— Task —
Without the pictures, set down every record below exactly as it reads.

— Data section —

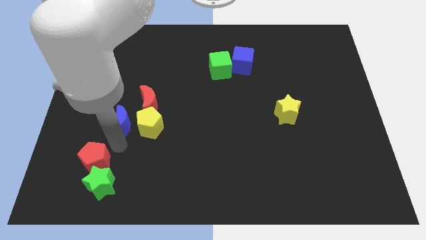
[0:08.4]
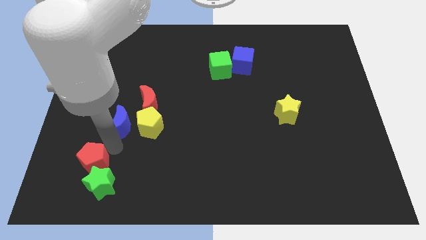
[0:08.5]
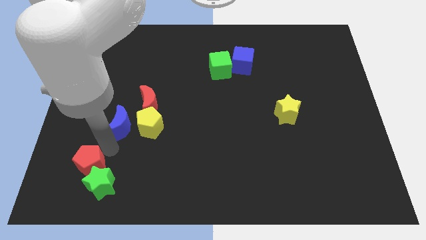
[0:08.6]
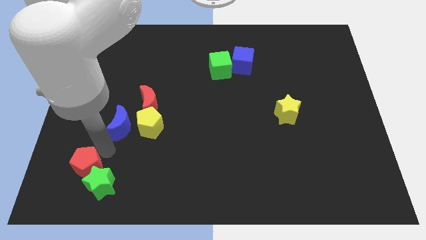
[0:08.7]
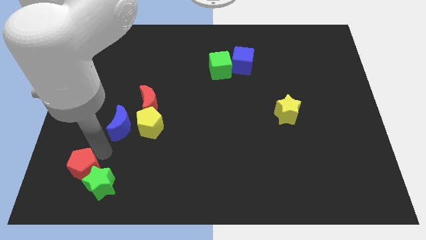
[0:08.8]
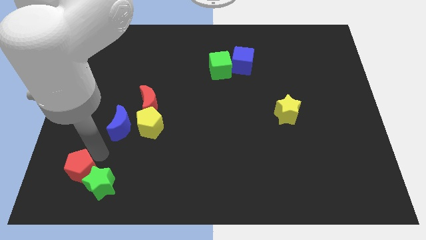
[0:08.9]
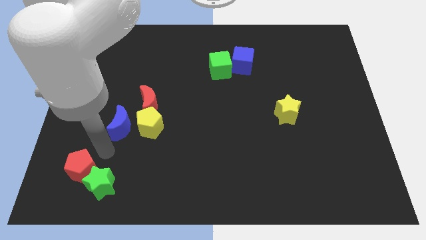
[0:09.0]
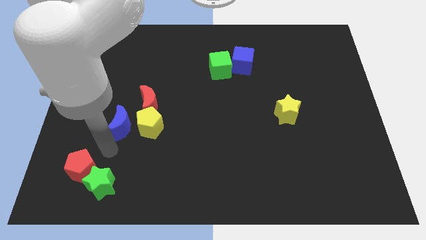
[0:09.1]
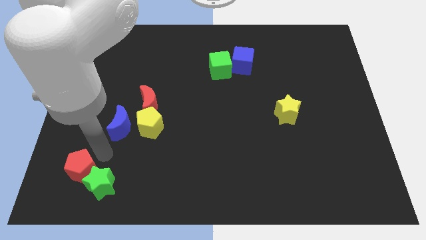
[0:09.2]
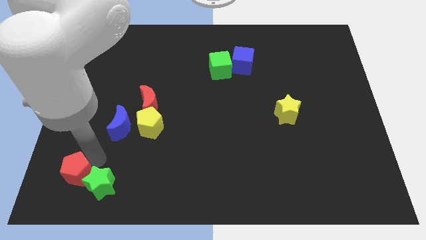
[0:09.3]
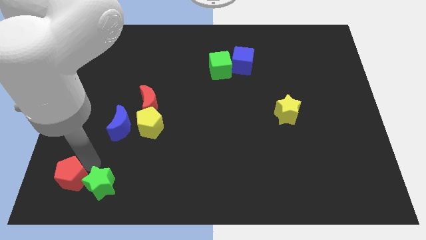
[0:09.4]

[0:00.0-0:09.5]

— Result —
[0:08.4]
[0:08.5]
[0:08.6]
[0:08.7]
[0:08.8]
[0:08.9]
[0:09.0]
[0:09.1]
[0:09.2]
[0:09.3]
[0:09.4]

[0:00.0-0:09.5]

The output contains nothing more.